Wabi and sabi are familiar concepts of Japanese aesthetics in part because they are readily applied to objects of art, therefore tangible, observable, providing feedback to the artist and crafter making an object distinct from their mental construct. But this acquaintance and literal method of verification of the product of aesthetic principles tends to overlook deeper aspects of wabi and sabi and the concepts behind them.
In the first place, the concepts of wabi and sabi were not originally artistic or even aesthetic but religious and philosophical. Since ancient Shinto times in Japan, nature was identified as the source of spirit, including animism that posited the existence of spirits in natural objects such as mountains, rivers, trees, and rocks, but also the source of inspiration, strength, and guidance. The primitive view of nature deepened over the centuries with the influence of Buddhism, where nature already carried an epistemological component.
A fruitful philosophy of nature arose that evaluated existence and relationship of beings and constructed a way of perceiving reality and encompassing its sense of mystery or enigma. The concept of yugen emerged, the term literally meaning “dimness,” an apt sense of mythological origin and perceived governance of the universe that is elusive, difficult to grasp or define, less control. Human beings were at its mercy and enlightenment meant learning to cope with mystery, with yugen.
Yugen accommodates the sense of mystery that does not assume too much knowledge, too much surety, and dares not carry arrogance or presumption. Rather, a still and thoughtful observance and sense of wonder or awe is fostered by yugen, restoring human beings to their proper place in a large universe which occasionally reveals glimpses of itself and its inexorable ways, but mingled with beauty, provoking moments of awe and wonder.
Expression of yugen were religious as much as artistic, the latter reflecting the urge to depict and speak openly in order to hit upon insight, the religious view content to organize the sentiments of mystery into ritual and familiar expression.

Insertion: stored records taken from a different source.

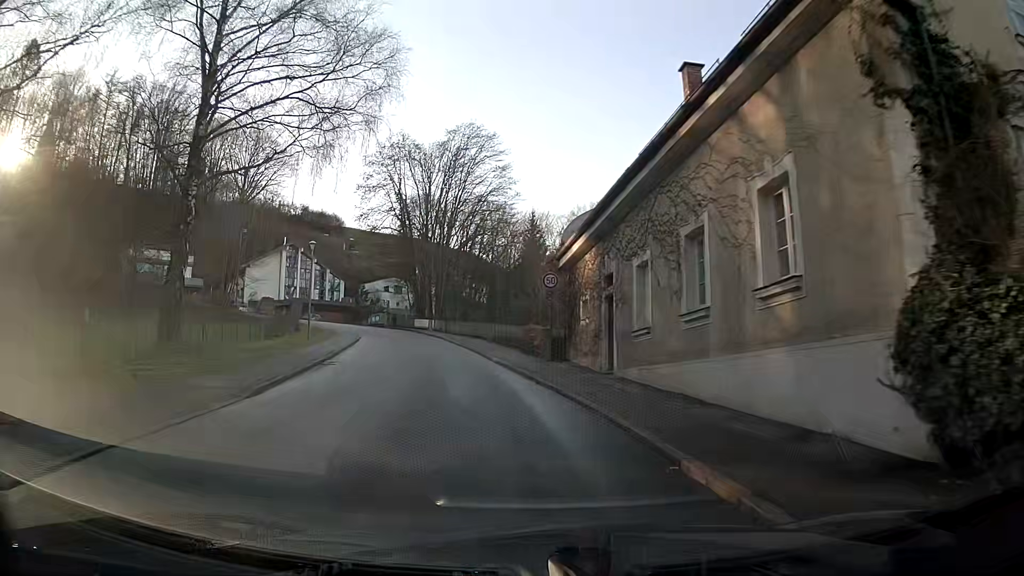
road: secondary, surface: asphalt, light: Day
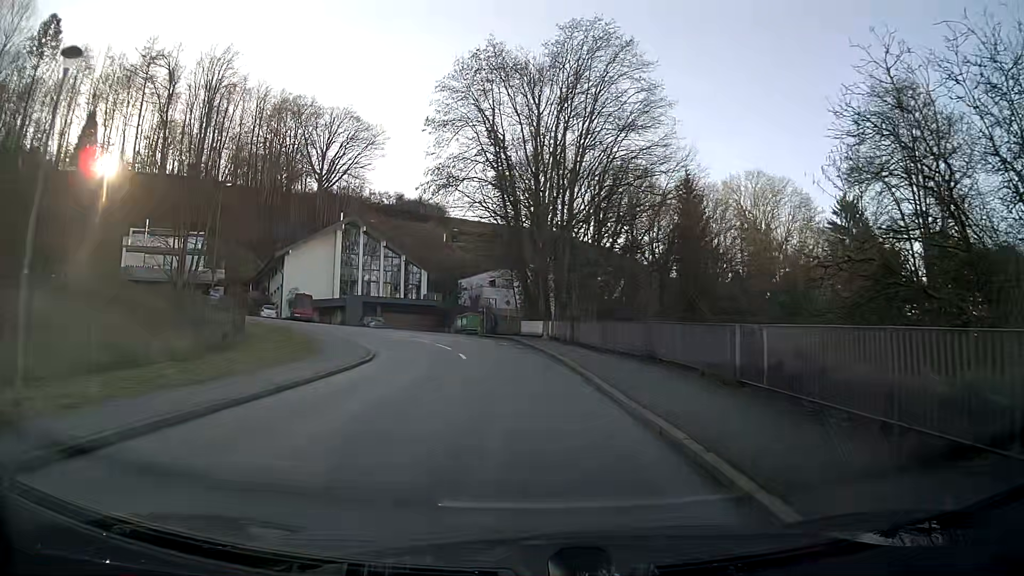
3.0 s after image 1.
(-3.2, +29.3) m; -10°
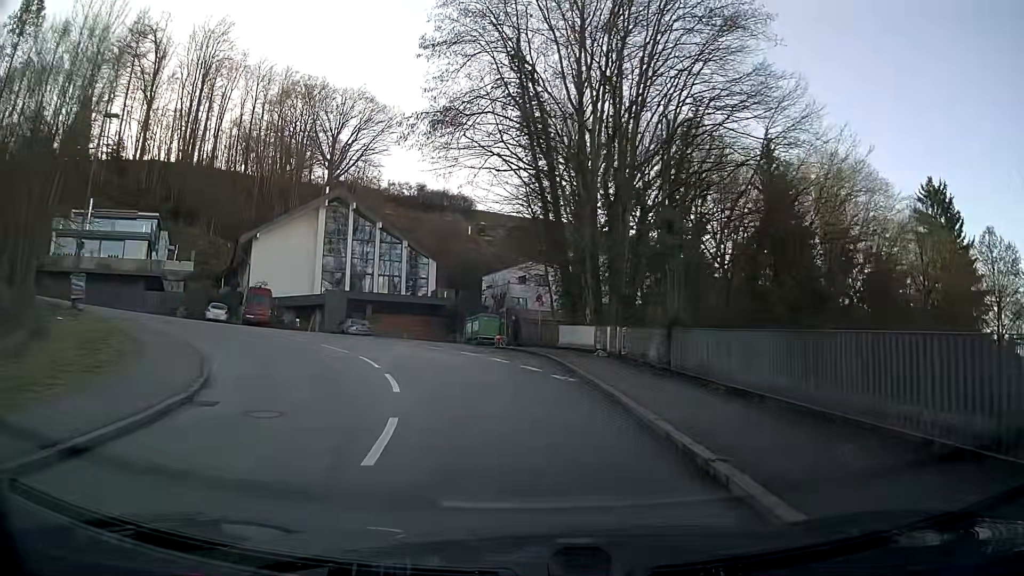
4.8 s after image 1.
(-0.5, +16.6) m; -4°
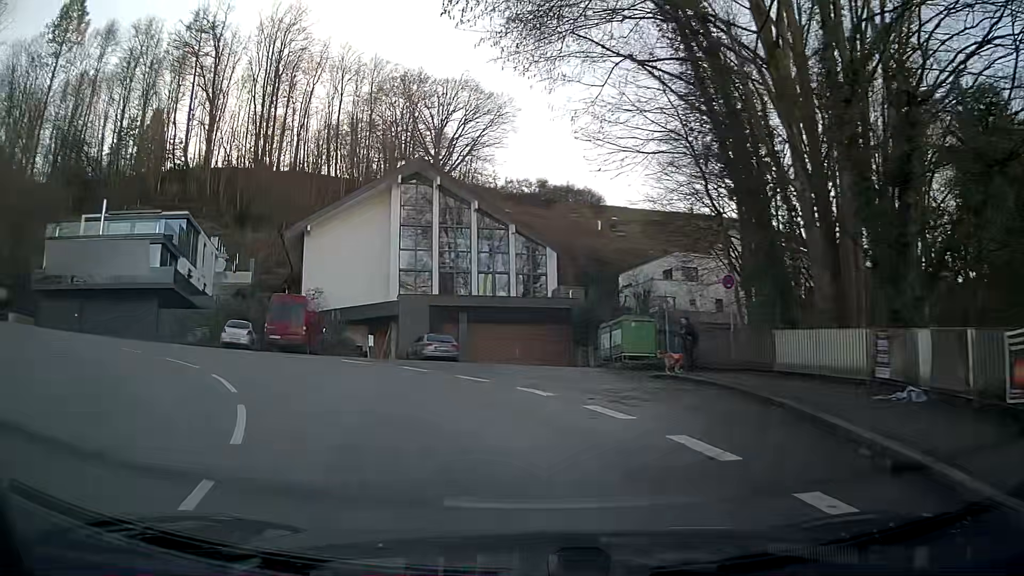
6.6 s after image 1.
(-1.4, +14.7) m; -14°
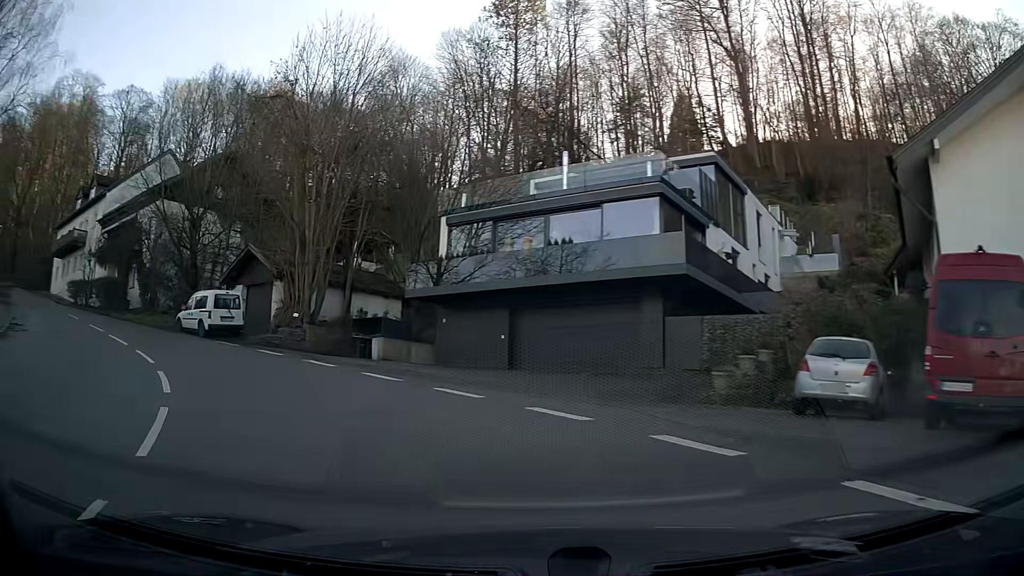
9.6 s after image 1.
(-8.1, +18.4) m; -51°
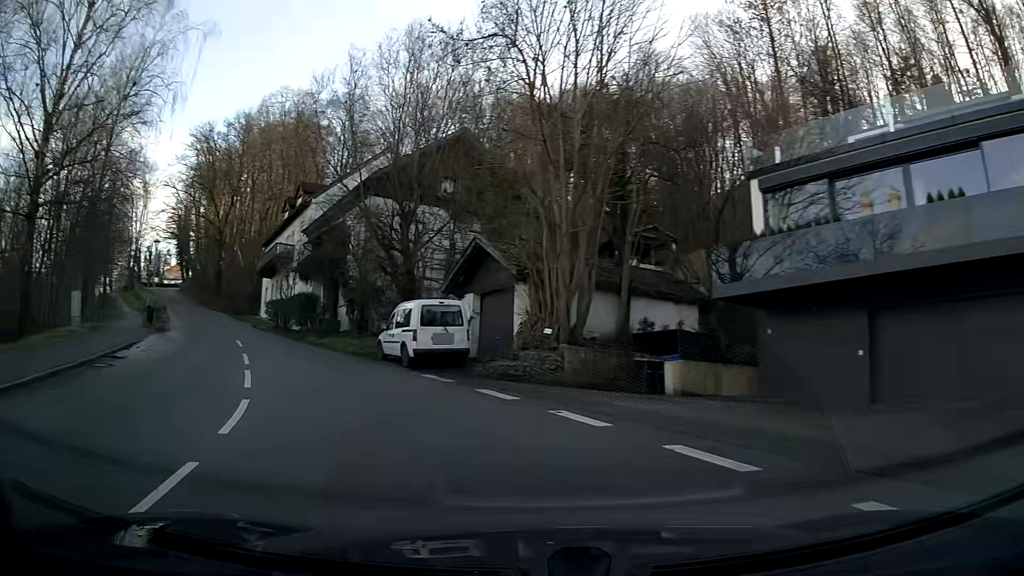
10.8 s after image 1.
(-1.8, +8.2) m; -24°
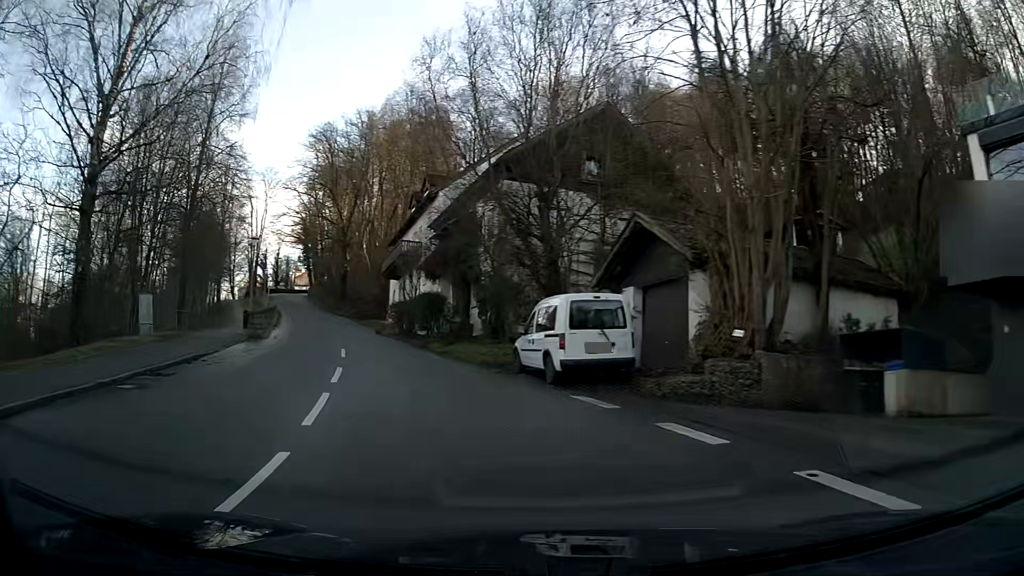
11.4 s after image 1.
(-0.4, +4.4) m; -11°
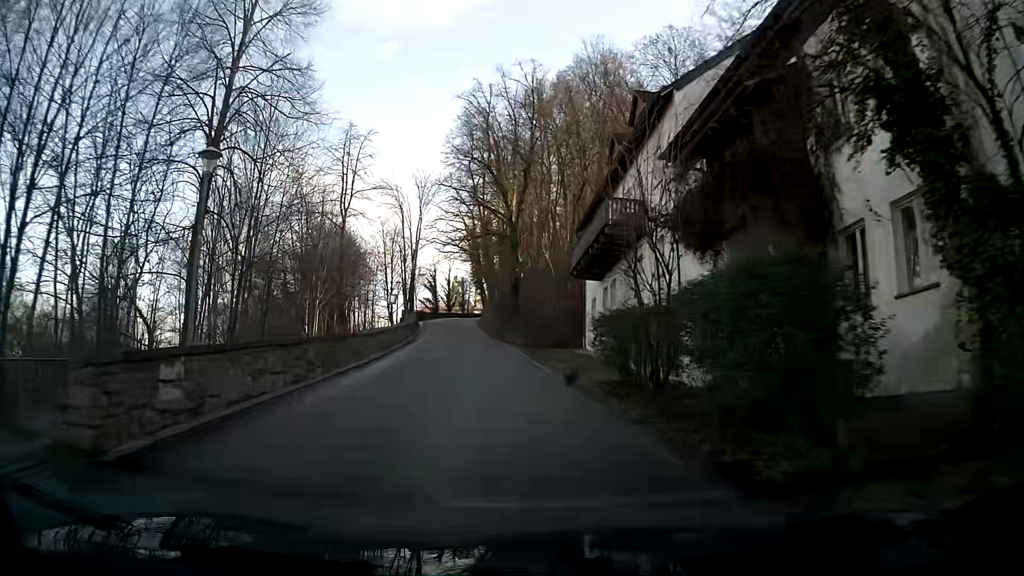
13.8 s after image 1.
(-3.3, +20.3) m; -13°

The Japanese waka and haiku poets came to excel in approaching yugen, just as literary drama from novels to No plays came to present situations and circumstances where human beings could approximate mystery or yugen as it engulfed their lives, circumstances, and feelings.
A second important principle of Japanese aesthetics gives animation to yugen through literature and art: mono no aware. The phrase literally means “the ah! of things” or “the poignancy of things,” referring to the evanescence or impermanence of things, understood not only as a religious concept of Buddhism but as an emotional construct, human feeling expressed in daily moments of insight, irony, and reflection. Like yugen, mono no aware can be traced to Chinese artistic expression, made unique, however, by Japanese culture.

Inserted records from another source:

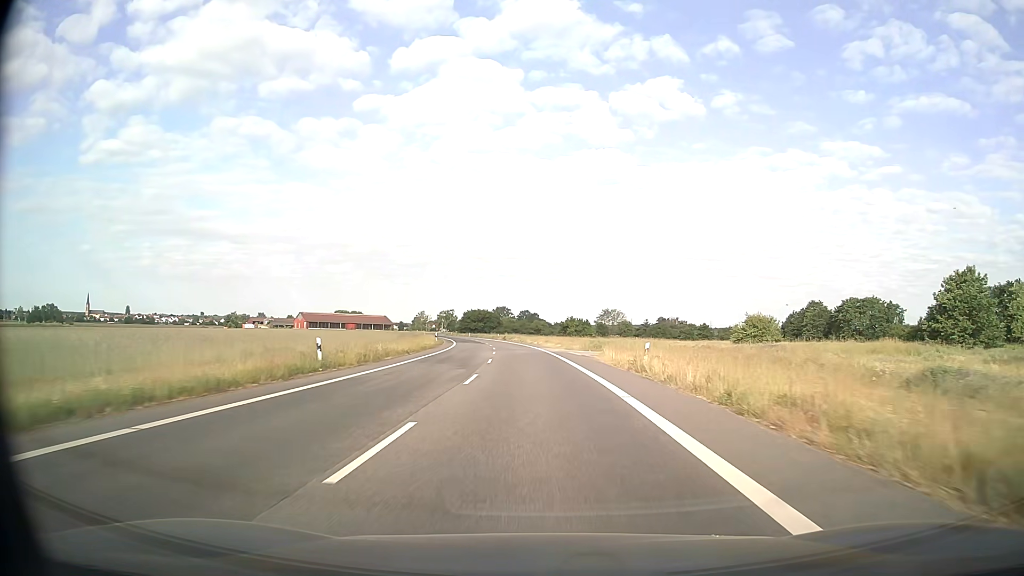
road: secondary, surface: asphalt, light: Day
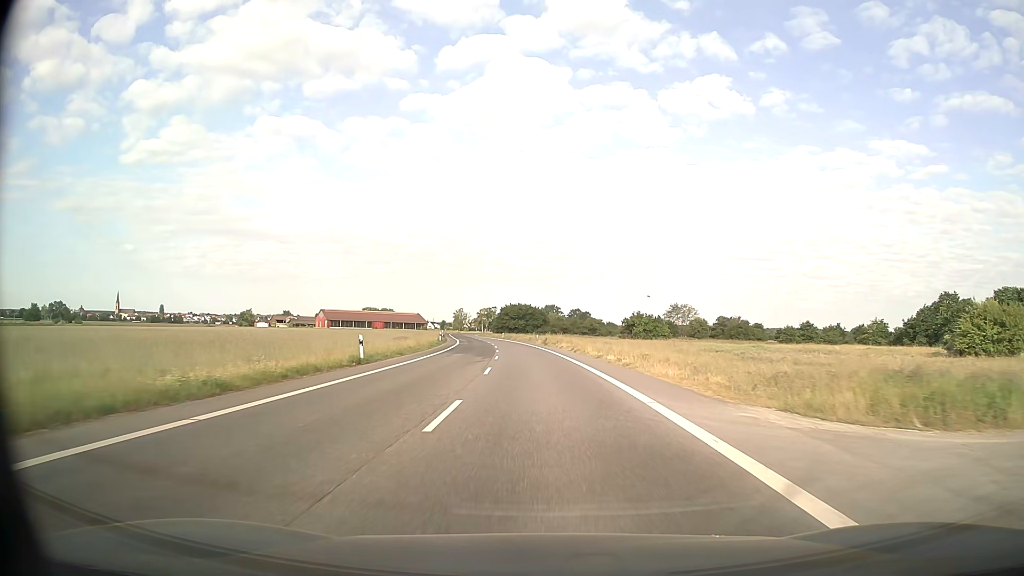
(-1.6, +44.5) m; -4°
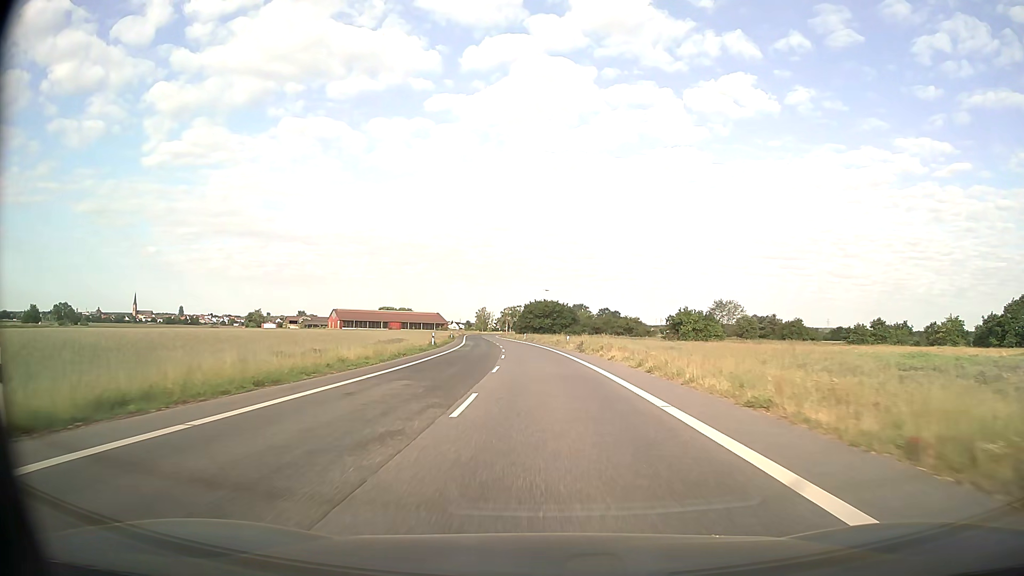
(-0.4, +22.3) m; -2°
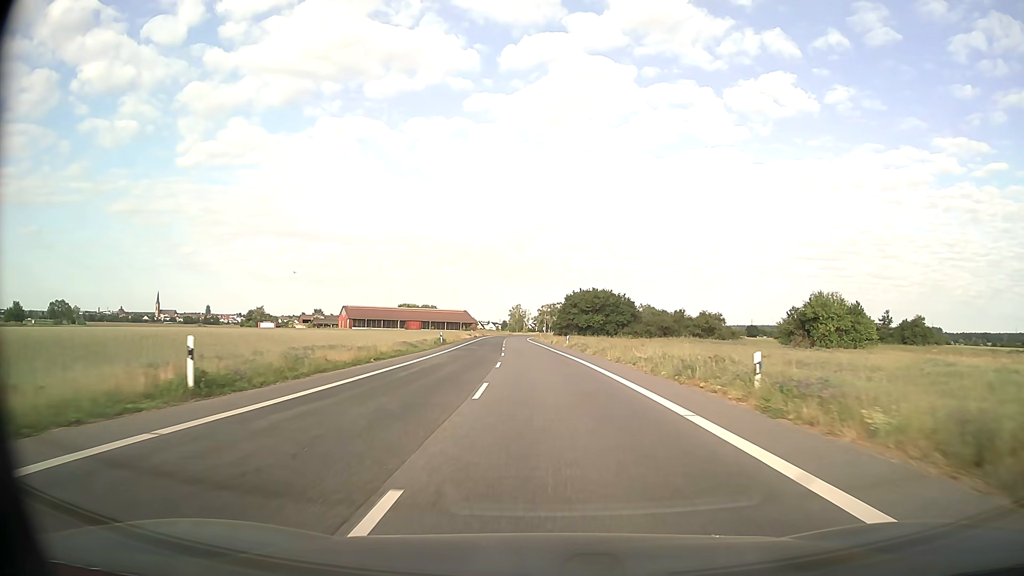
(-1.4, +44.7) m; -3°
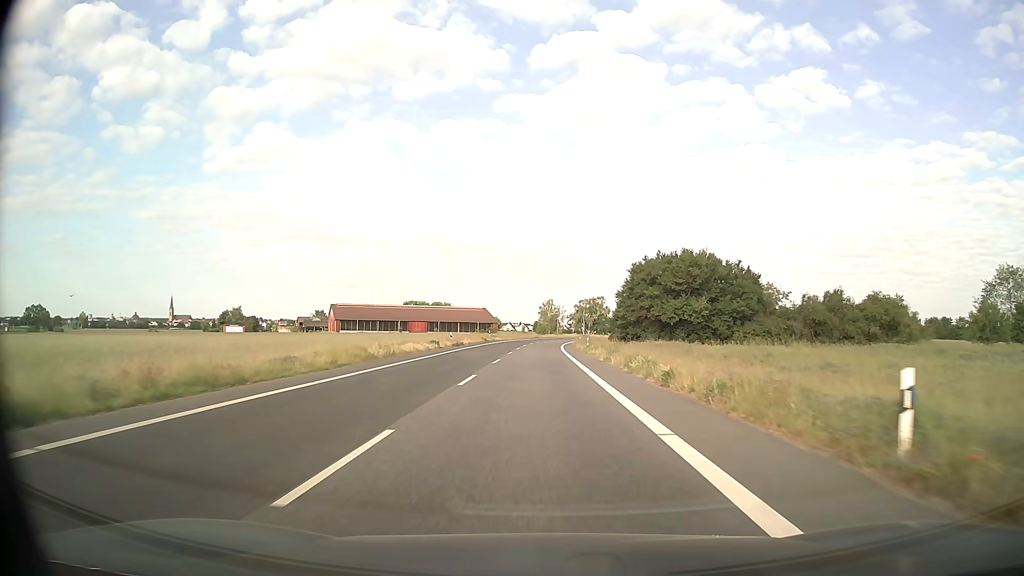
(-1.2, +56.2) m; -3°
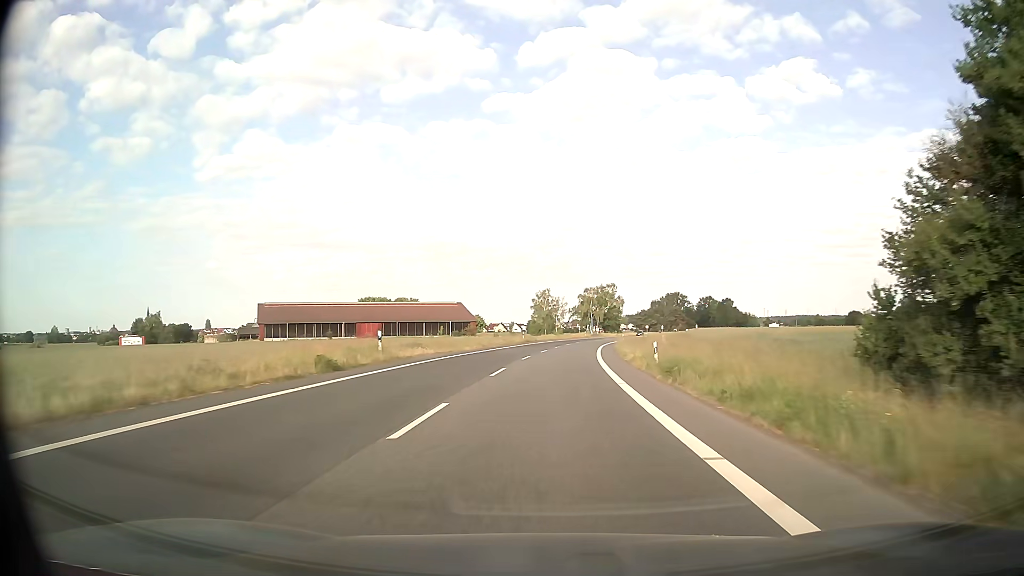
(-0.3, +56.3) m; 0°
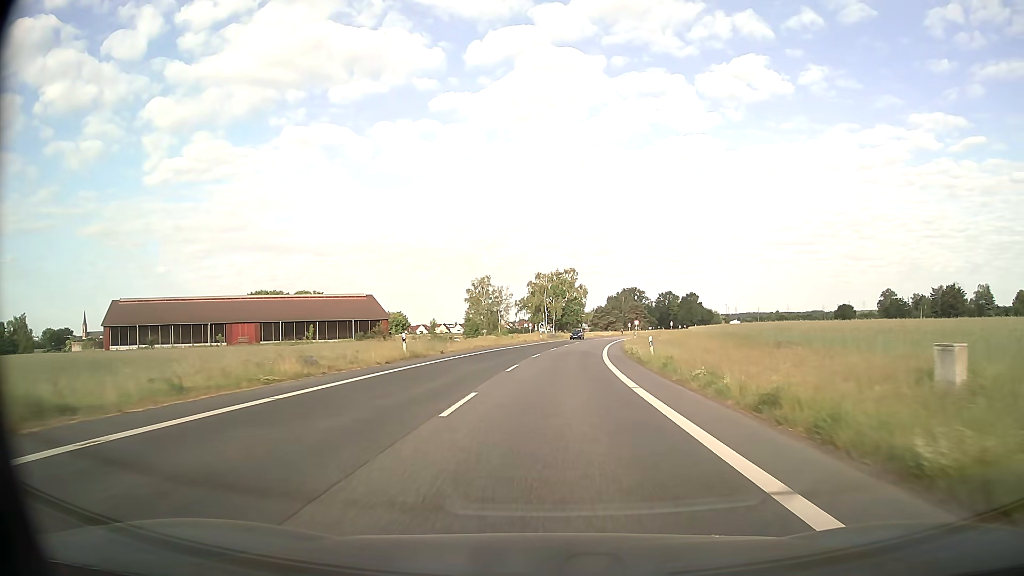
(+1.5, +44.9) m; +4°
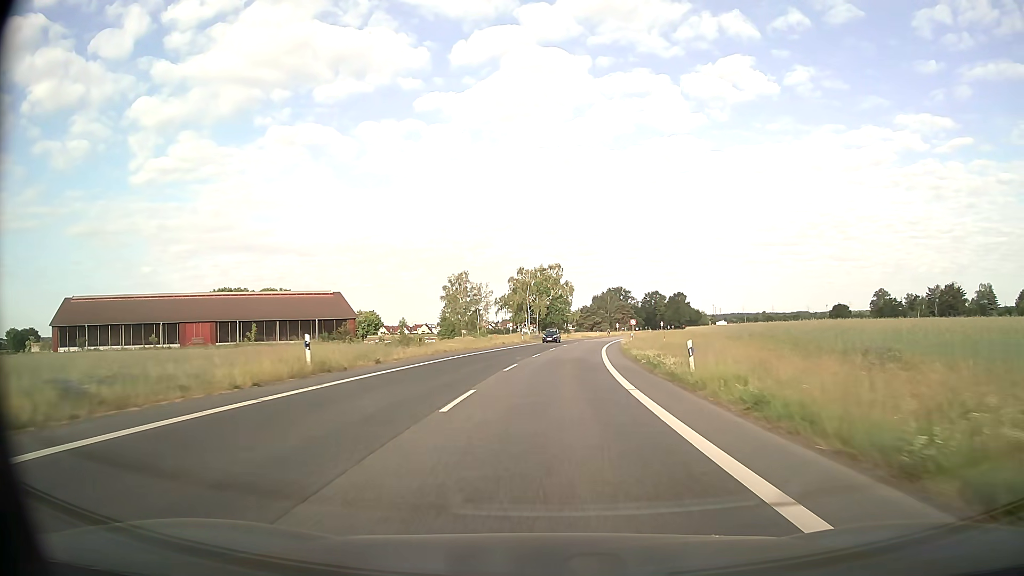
(+0.1, +11.1) m; +1°
(0, +10) (0, +20) (+1, +30) (+2, +40) (+2, +50) (+3, +60) (+5, +70) (+6, +80) (+8, +90) (+9, +99) m

In the arts mono no aware is expressed by an object or event or sequence, depicted in a painting, a drama, a sequence of events within disappointment and sadness in the lives of men and women, in a painting, a musical passage, a poem evoking the trembling beauty of an insightful moment felt, then lost, or by nature itself, as in the perpetual turn of the seasons, the glorious emergence of cherry blossoms only to see them inexorably fall to the ground, the cry of birds and insects in late autumn foreseeing their shortening days, the solitude of the moon casting its silent light during the long darkness of night.
Returning to yugen, to the sense of mystery that seems to govern and at times abandon the universe, does not obliterate the reading, learning, and thinking of the ages, but puts it all in perspective. The sources of mono no aware sentiment are all around us, yet only in pausing to note them do we note also the intrinsic nature of the sources, and the intrinsic nature of all beings, including ourselves.